== What is required ==
All of the data, word for word and free of pictures, is the expected result.

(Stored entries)

○ ○ ○

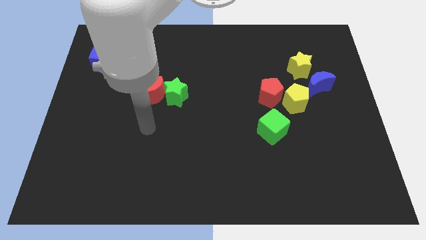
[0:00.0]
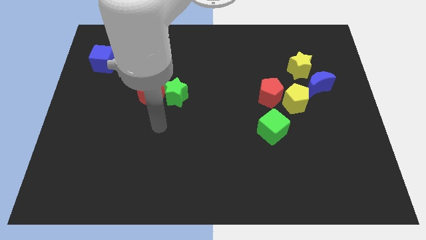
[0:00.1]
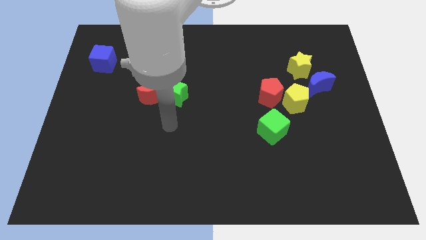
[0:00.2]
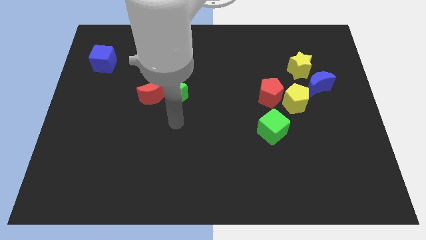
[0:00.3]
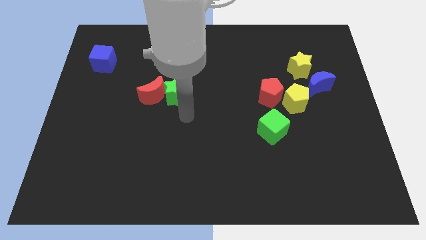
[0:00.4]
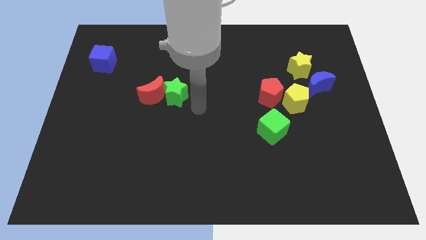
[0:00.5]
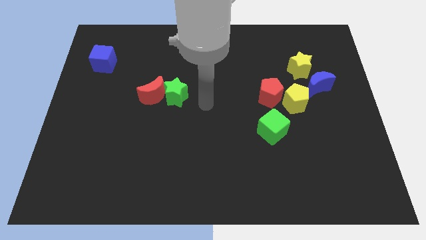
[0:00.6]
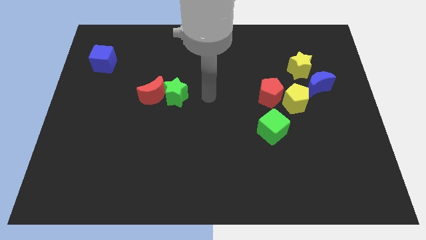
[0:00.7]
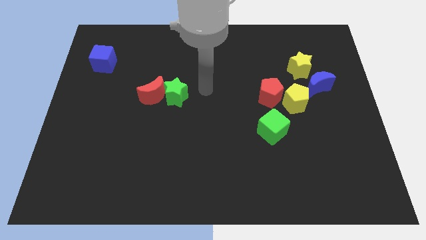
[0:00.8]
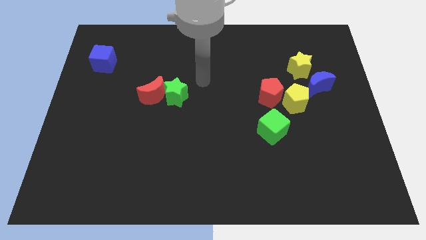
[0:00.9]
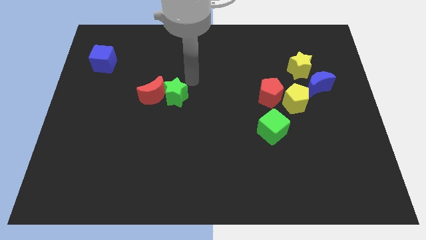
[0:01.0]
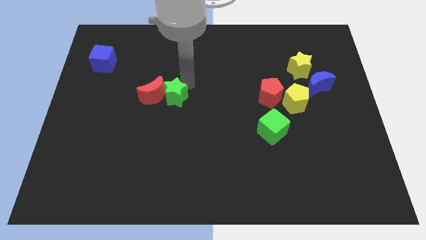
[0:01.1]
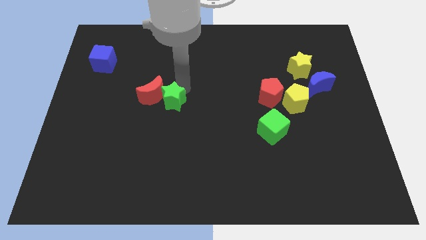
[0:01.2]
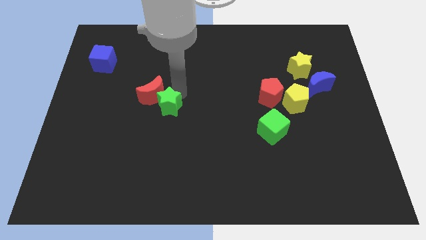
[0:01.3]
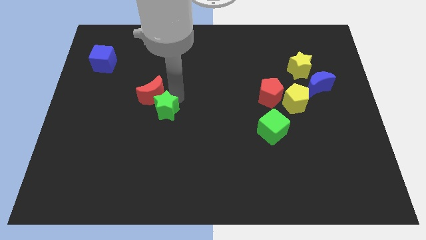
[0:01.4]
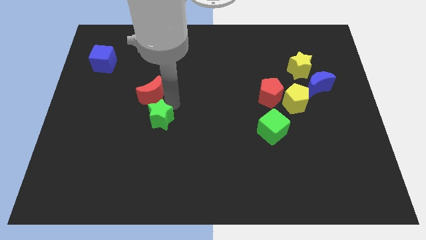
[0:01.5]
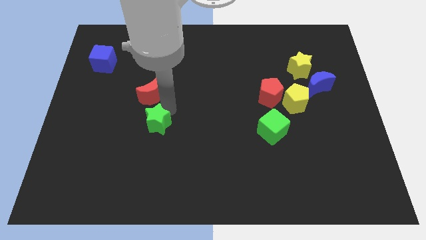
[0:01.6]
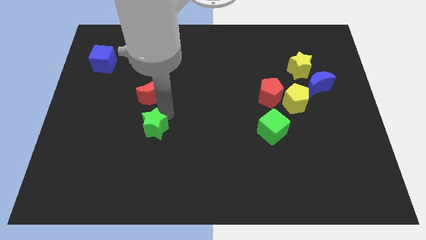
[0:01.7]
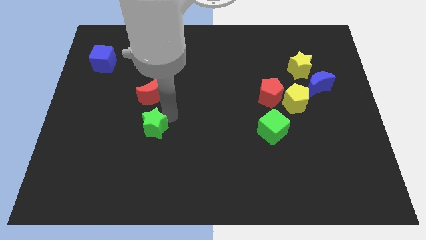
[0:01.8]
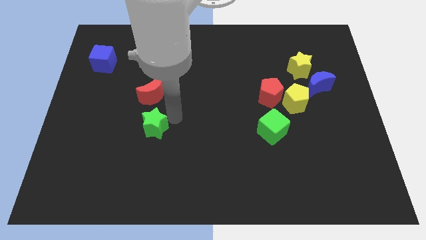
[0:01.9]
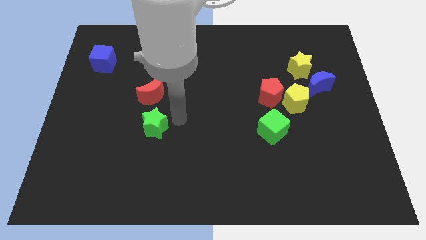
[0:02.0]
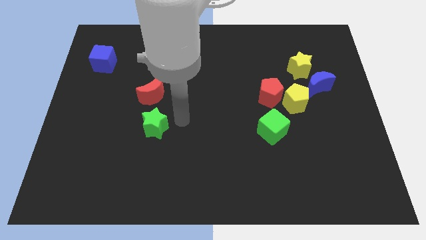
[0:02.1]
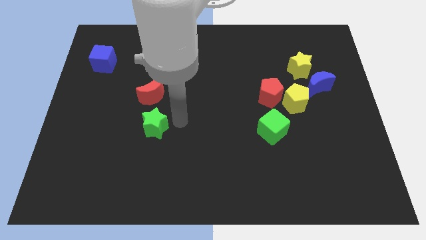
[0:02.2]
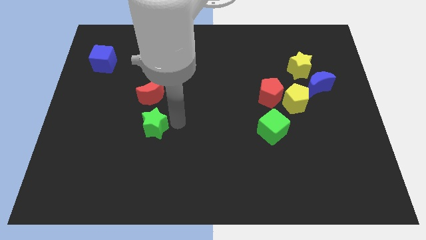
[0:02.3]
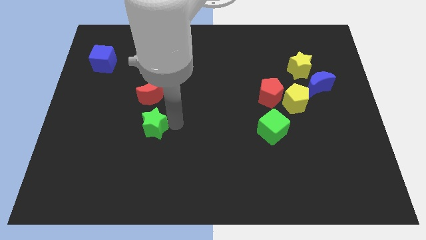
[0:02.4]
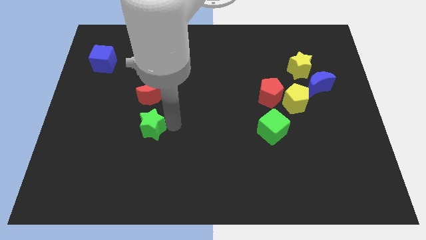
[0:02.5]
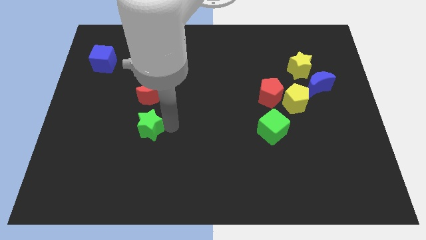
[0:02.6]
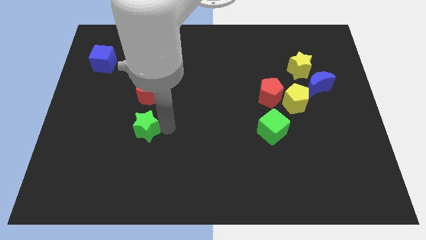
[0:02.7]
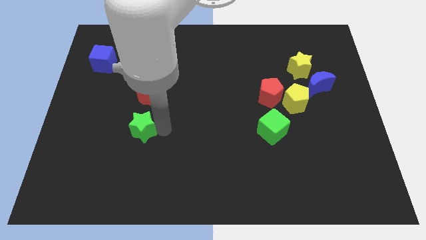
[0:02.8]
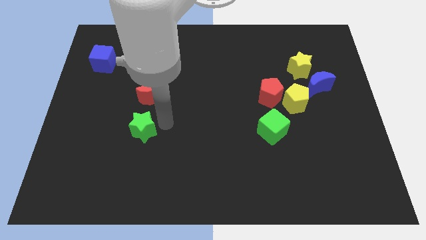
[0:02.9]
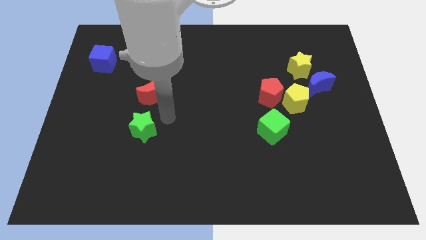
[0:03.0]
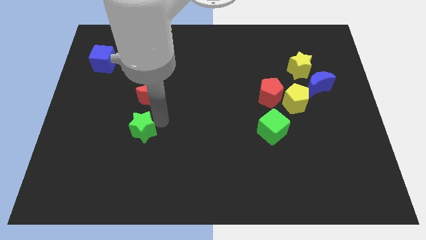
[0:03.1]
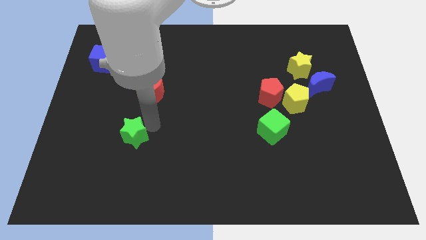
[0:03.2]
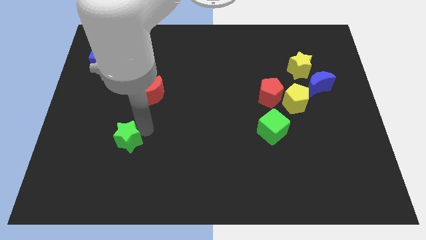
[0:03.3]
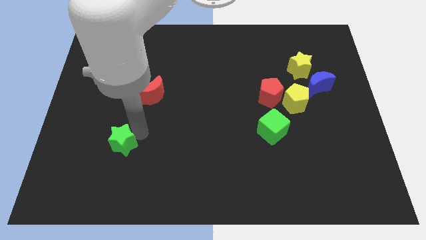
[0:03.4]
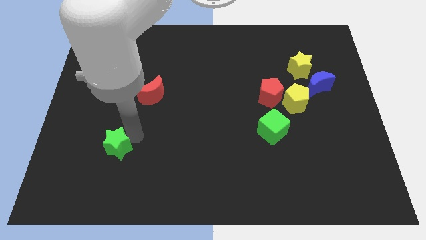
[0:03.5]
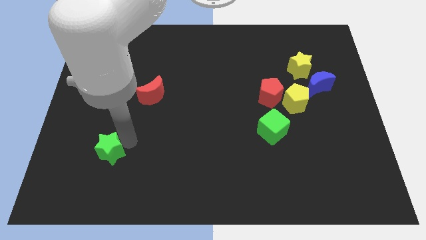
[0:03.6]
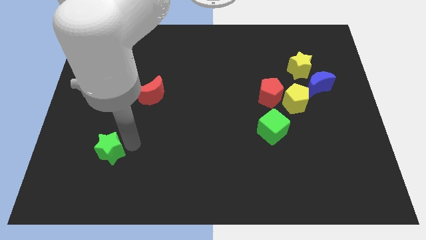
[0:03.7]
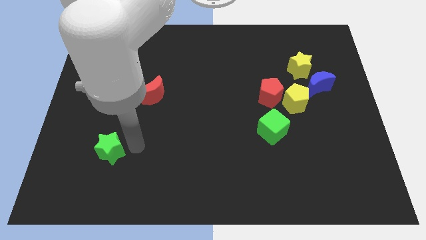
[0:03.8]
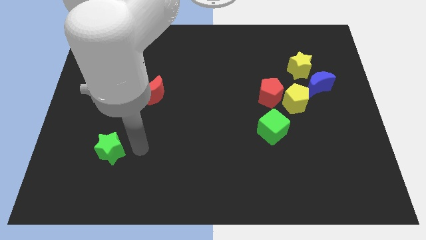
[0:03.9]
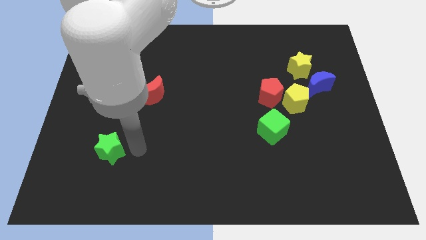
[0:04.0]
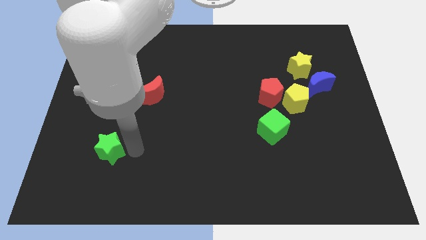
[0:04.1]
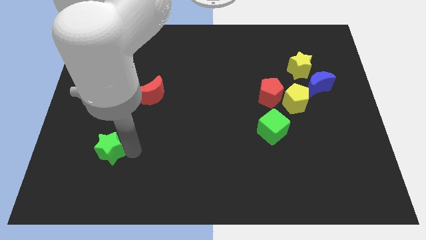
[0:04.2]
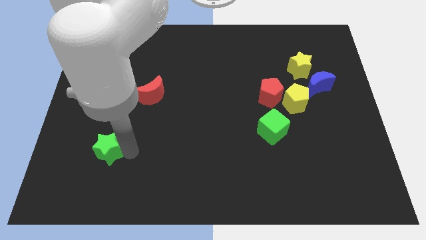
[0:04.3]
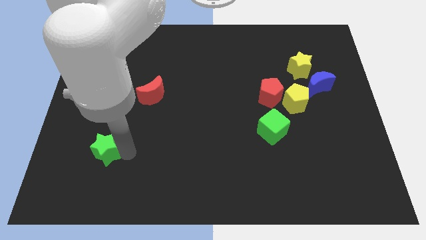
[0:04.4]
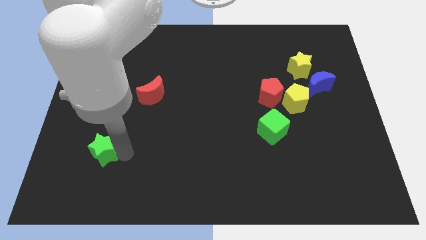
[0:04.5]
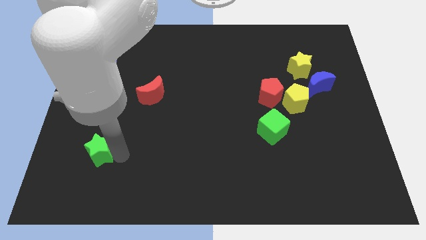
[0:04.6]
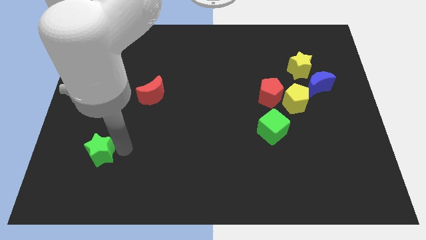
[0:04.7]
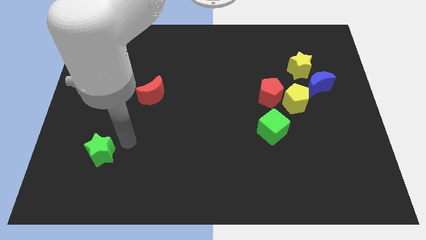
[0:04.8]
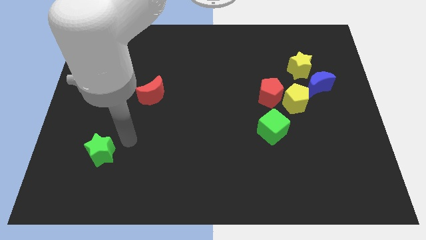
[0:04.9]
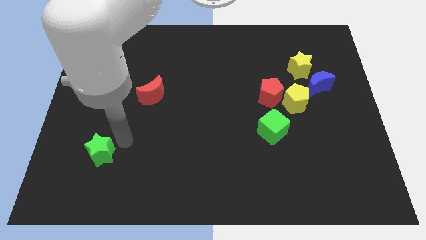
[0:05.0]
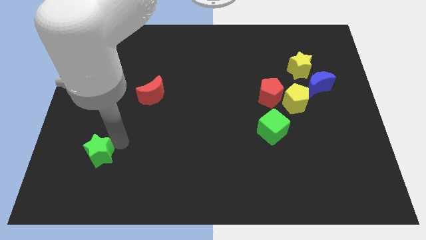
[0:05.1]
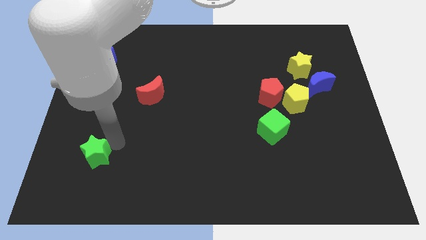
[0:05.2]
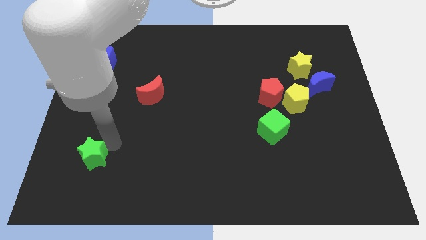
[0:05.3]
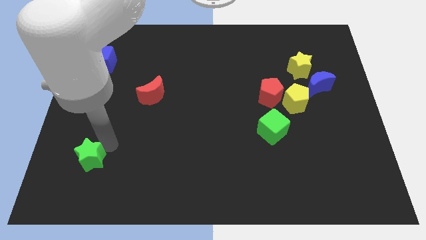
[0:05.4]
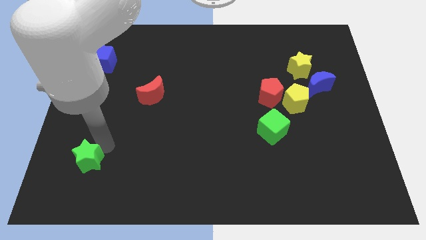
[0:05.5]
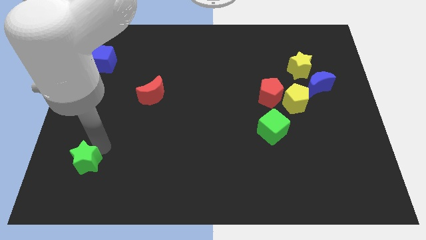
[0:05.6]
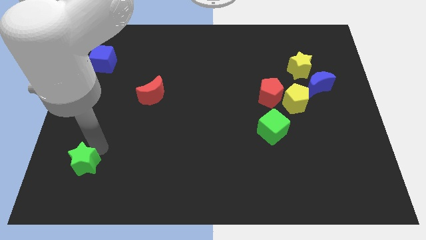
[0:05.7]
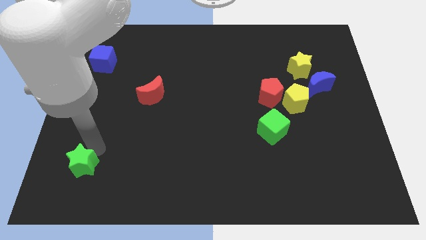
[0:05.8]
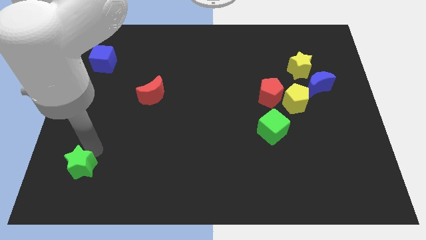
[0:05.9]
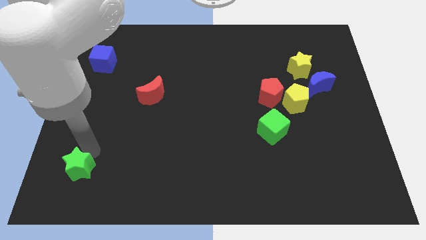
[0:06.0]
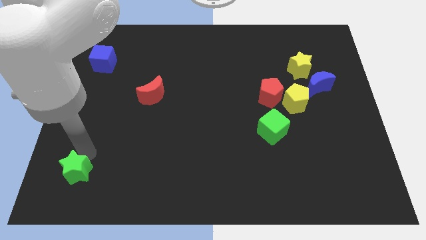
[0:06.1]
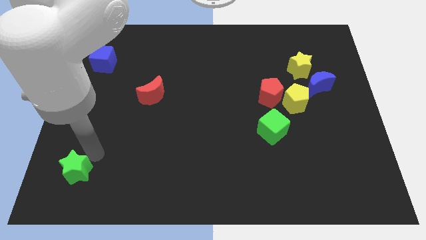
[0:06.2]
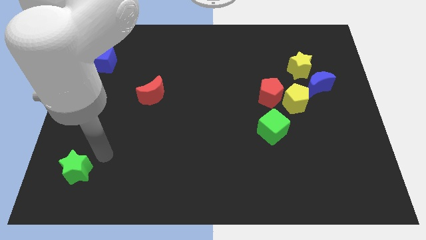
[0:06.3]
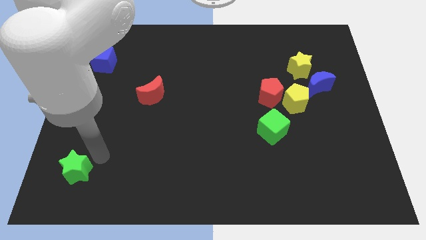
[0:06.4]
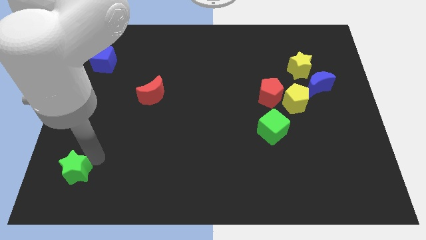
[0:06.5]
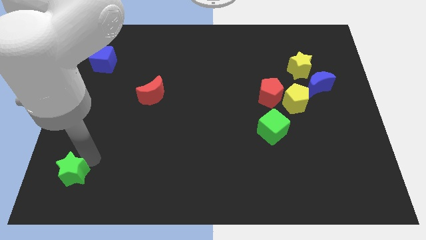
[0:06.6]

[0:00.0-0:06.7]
push the green star to the bottom left of the board

○ ○ ○

== Answer to the exercise ==
[0:00.0]
[0:00.1]
[0:00.2]
[0:00.3]
[0:00.4]
[0:00.5]
[0:00.6]
[0:00.7]
[0:00.8]
[0:00.9]
[0:01.0]
[0:01.1]
[0:01.2]
[0:01.3]
[0:01.4]
[0:01.5]
[0:01.6]
[0:01.7]
[0:01.8]
[0:01.9]
[0:02.0]
[0:02.1]
[0:02.2]
[0:02.3]
[0:02.4]
[0:02.5]
[0:02.6]
[0:02.7]
[0:02.8]
[0:02.9]
[0:03.0]
[0:03.1]
[0:03.2]
[0:03.3]
[0:03.4]
[0:03.5]
[0:03.6]
[0:03.7]
[0:03.8]
[0:03.9]
[0:04.0]
[0:04.1]
[0:04.2]
[0:04.3]
[0:04.4]
[0:04.5]
[0:04.6]
[0:04.7]
[0:04.8]
[0:04.9]
[0:05.0]
[0:05.1]
[0:05.2]
[0:05.3]
[0:05.4]
[0:05.5]
[0:05.6]
[0:05.7]
[0:05.8]
[0:05.9]
[0:06.0]
[0:06.1]
[0:06.2]
[0:06.3]
[0:06.4]
[0:06.5]
[0:06.6]

[0:00.0-0:06.7]
push the green star to the bottom left of the board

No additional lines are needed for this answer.